# Options for getting a job



## Pyrrhic (Dec 30, 2014)

I've been living in the US since Dec 2003, came over with my mother on a tourist visa, which expired 3 months later. She passed away later that year in October, leaving me to live with my then Step father on an expired tourist visa. I was never legally adopted and no paperwork was ever filed for me to become a US citizen or permanent resident. I am currently applying for the deferred action for childhood arrival program (DACA), but I can't prove I have been in the US for all of those years, as I was never able to work, or go to school, etc. They have asked for proof beyond the statement from my step father that I have been continually residing in the US for all of those years, but I just don't have it.
I moved in with my girlfriend in May 2013 and we are considering marriage, but there are a lot of unanswered questions in how or if that would help me to stay here and work, and eventually become a citizen myself. The biggest concern is whether or not the fact I am here on an expired visa will interfere with applying for permanent residence after we got married. 
So I am looking for any advice on what my options are and what I could or should be doing to stay in the country and work.

Any help or advice would be appreciated.


----------



## Davis1 (Feb 20, 2009)

You overstayed a visa are illegally in the US 
you know this fact yet you choose to stay and cock your snoot at the law 

An illegal cannot adjust status in the US 
Marriage and babies will not help either ..that is a myth 
To become legal you have to return home 

I will not give you advice but suggest you go and talk to an AILA LAWYER
AILA's Immigration Lawyer Search


----------



## BBCWatcher (Dec 28, 2012)

Davis1, did it occur to you that Pyrrhic was a minor in 2003 (and presumably for some substantial time thereafter)? That's what "DACA" is. Let's suppose he was 10 years old. How was a 10 year old in 2004 supposed to hop on an international airline flight by himself? Were you going to pay for his ticket? 

Come on, get real. Blame his parents if you want, but I think your venom is entirely misplaced.

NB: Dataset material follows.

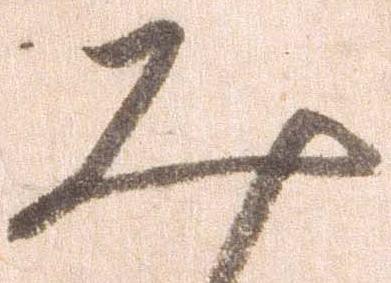
み
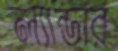
ল্যান্ডার

OK, Pyrrhic, to answer your question your best bet is to come up with something reasonable to satisfy the DACA requirements. For example, do you have old mobile telephone records, or could you get them? Something, anything that establishes your physical presence in the United States. Who else knew of your presence, and would they be able to supply statements? Church attendance (such as Sunday school records)? Facebook history (with photos)? Think of anything, everything that might indicate your physical presence in the United States.


----------



## Bevdeforges (Nov 16, 2007)

BBCWatcher raises an interesting point here. How old were you when you were brought over? And what was your stepfather's status?

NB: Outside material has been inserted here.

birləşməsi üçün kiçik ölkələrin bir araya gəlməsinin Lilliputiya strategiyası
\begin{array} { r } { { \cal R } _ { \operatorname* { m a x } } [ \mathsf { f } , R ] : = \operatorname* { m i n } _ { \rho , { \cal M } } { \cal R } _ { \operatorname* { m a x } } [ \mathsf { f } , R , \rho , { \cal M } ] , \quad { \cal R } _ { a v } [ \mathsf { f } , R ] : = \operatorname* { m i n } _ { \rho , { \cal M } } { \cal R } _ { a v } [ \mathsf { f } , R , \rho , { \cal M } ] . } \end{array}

If I understand the DACA program, your ability to stay on in the US may be based on your having attended school as a minor and in your stepfather's care. If you didn't attend school at all during that time, it may make things tricky. (One of the guidelines is that you are currently in school or have obtained a high school diploma or served in the military.)

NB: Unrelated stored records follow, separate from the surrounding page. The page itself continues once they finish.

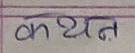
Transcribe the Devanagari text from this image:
कथन
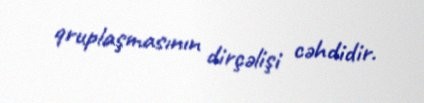
qruplaşmasının dirçəlişi cəhdidir.
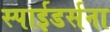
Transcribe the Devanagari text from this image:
स्पाईडर्सना
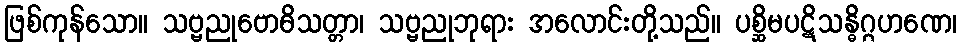
ဖြစ်ကုန်သော။ သဗ္ဗညုဗောဓိသတ္တာ၊ သဗ္ဗညုဘုရား အလောင်းတို့သည်။ ပစ္ဆိမပဋိသန္ဓိဂ္ဂဟဏေ၊
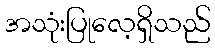
အသုံးပြုလေ့ရှိသည်
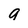
Character: 9
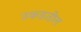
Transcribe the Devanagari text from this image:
उकडतील
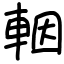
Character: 𨋳
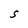
Character: S
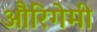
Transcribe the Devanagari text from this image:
औरिगेमी
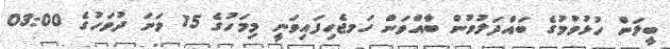
ބީލަން ހުޅުވުމުގެ ބައްދަލުވުން ބާއްވަން ހަަމޖެހިފައިވަނީ މިމަހުގެ 15 ވަނަ ދުވަހުގެ 03:00
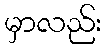
မှာလည်း
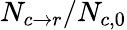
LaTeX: N_{c\rightarrow r}/N_{c,0}
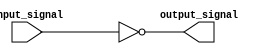
module inverter(
    input wire input_signal,
    output reg output_signal
);

// Internal logic gates
assign output_signal = ~input_signal;

endmodule
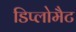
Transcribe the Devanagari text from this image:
डिप्लोमैट
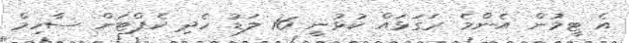
އެ ޓީމުން އެންމެ ރަގަޅައް ކުޅުނީ 16 ލަޑު ހެދި ކެޕްޓަން ސާހިމް
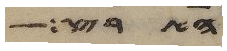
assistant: הארצות
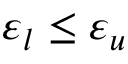
\varepsilon _ { l } \leq \varepsilon _ { u }
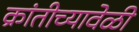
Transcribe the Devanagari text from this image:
क्रांतीच्यावेळी
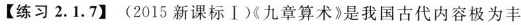
【练习2.1.7】(2015新课标I)九章算术》是我国古代内容极为丰

Davis is right, too, in that marriage isn't going to solve anything as far as your immigration status is concerned. It probably wouldn't be a bad idea to talk to an immigration lawyer to see if you can meet the guidelines of the DACA or, if not, what options are or aren't open to you.
Cheers,
Bev


----------



## Pyrrhic (Dec 30, 2014)

BBCWatcher said:


> Davis1, did it occur to you that Pyrrhic was a minor in 2003 (and presumably for some substantial time thereafter)? That's what "DACA" is. Let's suppose he was 10 years old. How was a 10 year old in 2004 supposed to hop on an international airline flight by himself? Were you going to pay for his ticket?
> 
> Come on, get real. Blame his parents if you want, but I think your venom is entirely misplaced.
> 
> OK, Pyrrhic, to answer your question your best bet is to come up with something reasonable to satisfy the DACA requirements. For example, do you have old mobile telephone records, or could you get them? Something, anything that establishes your physical presence in the United States. Who else knew of your presence, and would they be able to supply statements? Church attendance (such as Sunday school records)? Facebook history (with photos)? Think of anything, everything that might indicate your physical presence in the United States.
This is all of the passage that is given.